TASK
Provide only the number of lines below that hold "second".

──────── GIVEN RECORDS ────────

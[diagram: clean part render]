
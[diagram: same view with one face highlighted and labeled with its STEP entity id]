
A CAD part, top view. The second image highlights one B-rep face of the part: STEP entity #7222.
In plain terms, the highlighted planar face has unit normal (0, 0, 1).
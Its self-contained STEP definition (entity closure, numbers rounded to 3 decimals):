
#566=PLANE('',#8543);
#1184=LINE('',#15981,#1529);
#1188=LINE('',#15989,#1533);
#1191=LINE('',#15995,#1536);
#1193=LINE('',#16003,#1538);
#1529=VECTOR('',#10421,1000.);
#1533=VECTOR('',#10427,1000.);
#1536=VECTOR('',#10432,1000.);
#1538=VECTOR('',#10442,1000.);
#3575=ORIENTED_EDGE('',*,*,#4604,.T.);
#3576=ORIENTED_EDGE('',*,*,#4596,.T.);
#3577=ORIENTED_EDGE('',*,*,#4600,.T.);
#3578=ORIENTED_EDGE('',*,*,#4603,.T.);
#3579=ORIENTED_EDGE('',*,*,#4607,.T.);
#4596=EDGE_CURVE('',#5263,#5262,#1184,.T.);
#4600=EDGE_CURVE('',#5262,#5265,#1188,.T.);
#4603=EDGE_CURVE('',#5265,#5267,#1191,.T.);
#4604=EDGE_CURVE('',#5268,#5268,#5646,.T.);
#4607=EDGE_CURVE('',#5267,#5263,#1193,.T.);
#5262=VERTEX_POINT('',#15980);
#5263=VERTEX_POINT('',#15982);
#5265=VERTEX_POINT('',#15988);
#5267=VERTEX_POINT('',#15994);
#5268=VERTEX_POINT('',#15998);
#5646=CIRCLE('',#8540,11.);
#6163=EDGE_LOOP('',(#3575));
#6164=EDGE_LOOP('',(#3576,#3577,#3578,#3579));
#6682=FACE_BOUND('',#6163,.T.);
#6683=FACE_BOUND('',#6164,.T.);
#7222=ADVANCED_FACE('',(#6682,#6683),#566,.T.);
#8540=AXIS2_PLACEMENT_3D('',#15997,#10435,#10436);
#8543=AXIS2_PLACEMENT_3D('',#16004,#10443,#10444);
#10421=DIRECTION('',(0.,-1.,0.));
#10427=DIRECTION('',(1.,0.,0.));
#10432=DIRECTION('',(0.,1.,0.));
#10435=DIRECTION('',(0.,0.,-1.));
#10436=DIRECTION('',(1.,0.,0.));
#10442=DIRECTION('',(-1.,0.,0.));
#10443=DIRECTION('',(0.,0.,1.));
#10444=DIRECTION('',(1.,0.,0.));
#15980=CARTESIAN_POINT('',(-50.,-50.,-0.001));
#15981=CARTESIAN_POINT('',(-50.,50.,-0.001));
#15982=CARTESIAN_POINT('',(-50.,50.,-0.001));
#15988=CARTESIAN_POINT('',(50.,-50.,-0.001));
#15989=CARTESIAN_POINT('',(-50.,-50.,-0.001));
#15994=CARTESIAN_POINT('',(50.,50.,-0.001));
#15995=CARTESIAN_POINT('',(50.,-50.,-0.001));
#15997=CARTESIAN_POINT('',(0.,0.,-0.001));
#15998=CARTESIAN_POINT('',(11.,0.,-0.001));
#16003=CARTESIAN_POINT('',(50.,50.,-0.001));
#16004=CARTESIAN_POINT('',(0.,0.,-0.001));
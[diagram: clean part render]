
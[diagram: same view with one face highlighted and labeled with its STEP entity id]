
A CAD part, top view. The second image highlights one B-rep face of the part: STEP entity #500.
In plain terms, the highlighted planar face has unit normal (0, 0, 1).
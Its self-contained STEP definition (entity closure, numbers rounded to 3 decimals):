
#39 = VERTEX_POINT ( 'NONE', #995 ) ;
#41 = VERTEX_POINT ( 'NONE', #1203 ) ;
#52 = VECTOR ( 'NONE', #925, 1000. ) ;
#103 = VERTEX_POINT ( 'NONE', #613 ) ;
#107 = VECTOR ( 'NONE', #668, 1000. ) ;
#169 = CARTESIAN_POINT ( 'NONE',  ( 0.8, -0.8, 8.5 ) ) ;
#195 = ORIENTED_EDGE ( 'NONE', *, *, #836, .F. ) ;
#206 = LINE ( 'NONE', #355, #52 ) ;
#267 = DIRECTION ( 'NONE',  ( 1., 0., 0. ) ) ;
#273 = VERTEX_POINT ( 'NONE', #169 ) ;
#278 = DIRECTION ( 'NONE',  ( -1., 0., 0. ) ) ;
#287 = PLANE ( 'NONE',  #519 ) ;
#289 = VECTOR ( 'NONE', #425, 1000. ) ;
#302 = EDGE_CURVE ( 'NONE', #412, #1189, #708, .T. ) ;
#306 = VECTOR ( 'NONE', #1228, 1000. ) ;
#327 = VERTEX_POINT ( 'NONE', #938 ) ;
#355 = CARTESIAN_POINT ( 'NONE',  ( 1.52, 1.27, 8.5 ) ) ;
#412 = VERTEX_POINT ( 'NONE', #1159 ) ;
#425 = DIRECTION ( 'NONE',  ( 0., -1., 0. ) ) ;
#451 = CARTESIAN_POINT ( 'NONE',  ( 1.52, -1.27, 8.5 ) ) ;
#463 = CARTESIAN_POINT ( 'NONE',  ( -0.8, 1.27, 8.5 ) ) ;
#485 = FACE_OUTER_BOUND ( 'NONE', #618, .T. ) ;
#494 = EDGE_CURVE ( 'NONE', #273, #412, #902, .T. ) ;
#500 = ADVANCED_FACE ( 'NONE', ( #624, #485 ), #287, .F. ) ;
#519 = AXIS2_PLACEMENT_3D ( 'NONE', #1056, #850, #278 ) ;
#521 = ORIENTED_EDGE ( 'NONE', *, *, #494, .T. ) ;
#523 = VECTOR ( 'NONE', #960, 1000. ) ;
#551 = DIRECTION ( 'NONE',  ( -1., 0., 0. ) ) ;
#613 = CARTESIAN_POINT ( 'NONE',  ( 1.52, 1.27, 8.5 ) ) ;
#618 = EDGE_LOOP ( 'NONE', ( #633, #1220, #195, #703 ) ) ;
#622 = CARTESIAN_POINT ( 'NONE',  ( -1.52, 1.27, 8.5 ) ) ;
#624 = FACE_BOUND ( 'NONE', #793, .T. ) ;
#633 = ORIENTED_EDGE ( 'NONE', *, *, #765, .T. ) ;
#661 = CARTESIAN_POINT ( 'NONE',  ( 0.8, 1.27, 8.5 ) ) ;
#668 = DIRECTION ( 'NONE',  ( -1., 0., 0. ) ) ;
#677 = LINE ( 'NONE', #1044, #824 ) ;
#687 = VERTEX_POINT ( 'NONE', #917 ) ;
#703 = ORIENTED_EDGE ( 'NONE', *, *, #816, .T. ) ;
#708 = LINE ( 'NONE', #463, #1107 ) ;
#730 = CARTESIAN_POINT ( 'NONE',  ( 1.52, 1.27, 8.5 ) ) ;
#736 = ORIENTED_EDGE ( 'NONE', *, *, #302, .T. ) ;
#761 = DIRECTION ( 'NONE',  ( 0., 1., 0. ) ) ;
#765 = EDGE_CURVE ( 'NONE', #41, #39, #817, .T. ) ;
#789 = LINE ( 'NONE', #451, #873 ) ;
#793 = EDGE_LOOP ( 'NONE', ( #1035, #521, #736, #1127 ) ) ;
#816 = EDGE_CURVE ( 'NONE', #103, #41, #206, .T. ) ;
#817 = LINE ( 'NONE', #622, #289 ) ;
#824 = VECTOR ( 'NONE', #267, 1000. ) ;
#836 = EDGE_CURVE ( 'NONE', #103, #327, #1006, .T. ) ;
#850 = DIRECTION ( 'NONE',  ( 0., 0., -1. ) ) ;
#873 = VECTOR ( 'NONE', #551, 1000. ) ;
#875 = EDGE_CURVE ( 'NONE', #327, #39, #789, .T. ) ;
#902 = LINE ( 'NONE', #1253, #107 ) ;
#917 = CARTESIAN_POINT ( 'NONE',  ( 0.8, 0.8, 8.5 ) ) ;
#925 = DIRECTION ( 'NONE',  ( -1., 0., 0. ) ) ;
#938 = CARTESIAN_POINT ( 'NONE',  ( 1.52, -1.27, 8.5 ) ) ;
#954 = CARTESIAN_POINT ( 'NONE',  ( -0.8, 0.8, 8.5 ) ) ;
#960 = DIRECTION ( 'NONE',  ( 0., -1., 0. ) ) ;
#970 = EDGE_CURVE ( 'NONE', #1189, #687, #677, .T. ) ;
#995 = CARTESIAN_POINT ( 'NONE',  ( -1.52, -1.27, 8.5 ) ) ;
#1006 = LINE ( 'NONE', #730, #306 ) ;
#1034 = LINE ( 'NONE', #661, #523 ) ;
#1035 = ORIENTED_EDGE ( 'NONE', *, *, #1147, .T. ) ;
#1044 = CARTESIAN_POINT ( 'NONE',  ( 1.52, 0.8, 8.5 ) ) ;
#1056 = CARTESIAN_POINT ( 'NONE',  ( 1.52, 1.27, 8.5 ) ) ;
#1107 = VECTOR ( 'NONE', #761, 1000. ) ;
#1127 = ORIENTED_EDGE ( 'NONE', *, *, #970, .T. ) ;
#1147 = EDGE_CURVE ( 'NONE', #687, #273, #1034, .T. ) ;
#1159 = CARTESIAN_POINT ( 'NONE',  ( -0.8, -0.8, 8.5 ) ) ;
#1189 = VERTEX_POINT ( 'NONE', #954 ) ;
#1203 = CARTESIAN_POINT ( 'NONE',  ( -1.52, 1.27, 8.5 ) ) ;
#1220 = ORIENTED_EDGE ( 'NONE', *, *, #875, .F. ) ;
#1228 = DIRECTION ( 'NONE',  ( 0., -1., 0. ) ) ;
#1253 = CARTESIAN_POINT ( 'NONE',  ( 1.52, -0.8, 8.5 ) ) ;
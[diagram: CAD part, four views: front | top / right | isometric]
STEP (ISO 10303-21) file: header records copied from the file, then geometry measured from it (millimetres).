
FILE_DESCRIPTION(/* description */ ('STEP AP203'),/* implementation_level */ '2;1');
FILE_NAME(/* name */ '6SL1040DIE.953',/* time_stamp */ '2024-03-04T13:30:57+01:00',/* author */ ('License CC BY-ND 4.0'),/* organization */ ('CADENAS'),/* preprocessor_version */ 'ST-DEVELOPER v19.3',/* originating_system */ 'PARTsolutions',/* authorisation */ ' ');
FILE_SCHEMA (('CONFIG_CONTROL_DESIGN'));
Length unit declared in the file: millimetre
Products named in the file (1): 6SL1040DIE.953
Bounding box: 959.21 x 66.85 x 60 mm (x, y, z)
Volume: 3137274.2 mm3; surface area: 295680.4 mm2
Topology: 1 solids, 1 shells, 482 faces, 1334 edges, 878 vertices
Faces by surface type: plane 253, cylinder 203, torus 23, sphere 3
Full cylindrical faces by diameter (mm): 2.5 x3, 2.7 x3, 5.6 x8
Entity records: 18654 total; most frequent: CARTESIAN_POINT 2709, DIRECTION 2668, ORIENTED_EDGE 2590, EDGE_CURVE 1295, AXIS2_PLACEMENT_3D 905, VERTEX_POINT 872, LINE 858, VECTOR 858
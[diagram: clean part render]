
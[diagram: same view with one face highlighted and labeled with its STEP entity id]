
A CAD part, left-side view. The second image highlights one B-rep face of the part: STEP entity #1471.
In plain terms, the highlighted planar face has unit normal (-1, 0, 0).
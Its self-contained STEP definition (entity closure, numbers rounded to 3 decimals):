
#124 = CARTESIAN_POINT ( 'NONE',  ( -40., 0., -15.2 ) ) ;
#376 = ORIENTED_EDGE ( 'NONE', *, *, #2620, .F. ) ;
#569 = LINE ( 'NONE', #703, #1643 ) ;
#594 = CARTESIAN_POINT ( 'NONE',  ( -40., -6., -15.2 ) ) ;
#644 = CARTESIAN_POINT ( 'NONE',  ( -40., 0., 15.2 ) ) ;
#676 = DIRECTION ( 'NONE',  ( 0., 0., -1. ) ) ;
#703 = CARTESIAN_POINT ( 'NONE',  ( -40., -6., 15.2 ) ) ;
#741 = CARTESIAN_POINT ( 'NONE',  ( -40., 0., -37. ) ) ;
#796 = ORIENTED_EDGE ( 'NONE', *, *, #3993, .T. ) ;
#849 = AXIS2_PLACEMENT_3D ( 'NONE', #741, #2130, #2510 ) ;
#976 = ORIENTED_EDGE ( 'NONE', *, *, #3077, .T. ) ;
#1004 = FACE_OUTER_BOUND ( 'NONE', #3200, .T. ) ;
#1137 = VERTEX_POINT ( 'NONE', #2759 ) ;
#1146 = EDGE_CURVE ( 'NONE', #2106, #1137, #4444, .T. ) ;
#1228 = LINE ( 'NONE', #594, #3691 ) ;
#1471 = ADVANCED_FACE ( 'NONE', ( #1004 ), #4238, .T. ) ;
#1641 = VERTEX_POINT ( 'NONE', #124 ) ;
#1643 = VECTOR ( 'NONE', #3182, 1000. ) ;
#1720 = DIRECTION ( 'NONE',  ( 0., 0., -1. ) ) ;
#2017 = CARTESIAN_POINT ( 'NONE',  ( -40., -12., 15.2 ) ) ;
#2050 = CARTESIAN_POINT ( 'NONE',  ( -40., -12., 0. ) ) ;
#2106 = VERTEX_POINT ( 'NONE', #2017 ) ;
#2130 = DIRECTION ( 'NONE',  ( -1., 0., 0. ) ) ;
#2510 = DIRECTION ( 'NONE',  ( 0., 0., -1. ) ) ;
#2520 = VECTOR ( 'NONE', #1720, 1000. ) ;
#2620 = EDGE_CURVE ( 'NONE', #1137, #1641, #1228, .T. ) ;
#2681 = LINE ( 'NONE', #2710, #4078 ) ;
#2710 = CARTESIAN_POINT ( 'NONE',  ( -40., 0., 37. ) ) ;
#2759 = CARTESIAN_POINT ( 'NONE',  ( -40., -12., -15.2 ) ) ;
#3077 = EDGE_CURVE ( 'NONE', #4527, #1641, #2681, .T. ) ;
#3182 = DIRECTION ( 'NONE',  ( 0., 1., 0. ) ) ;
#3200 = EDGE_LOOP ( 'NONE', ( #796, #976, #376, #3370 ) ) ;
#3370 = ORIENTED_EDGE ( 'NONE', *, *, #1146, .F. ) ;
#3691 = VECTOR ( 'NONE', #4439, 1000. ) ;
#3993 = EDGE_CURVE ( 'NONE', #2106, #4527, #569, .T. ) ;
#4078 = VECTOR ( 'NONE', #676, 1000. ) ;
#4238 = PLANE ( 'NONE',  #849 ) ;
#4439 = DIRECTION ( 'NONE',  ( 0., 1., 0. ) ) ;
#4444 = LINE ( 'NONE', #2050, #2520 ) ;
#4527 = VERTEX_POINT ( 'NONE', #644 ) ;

────────

SOLUTION FOR THIS EXERCISE
3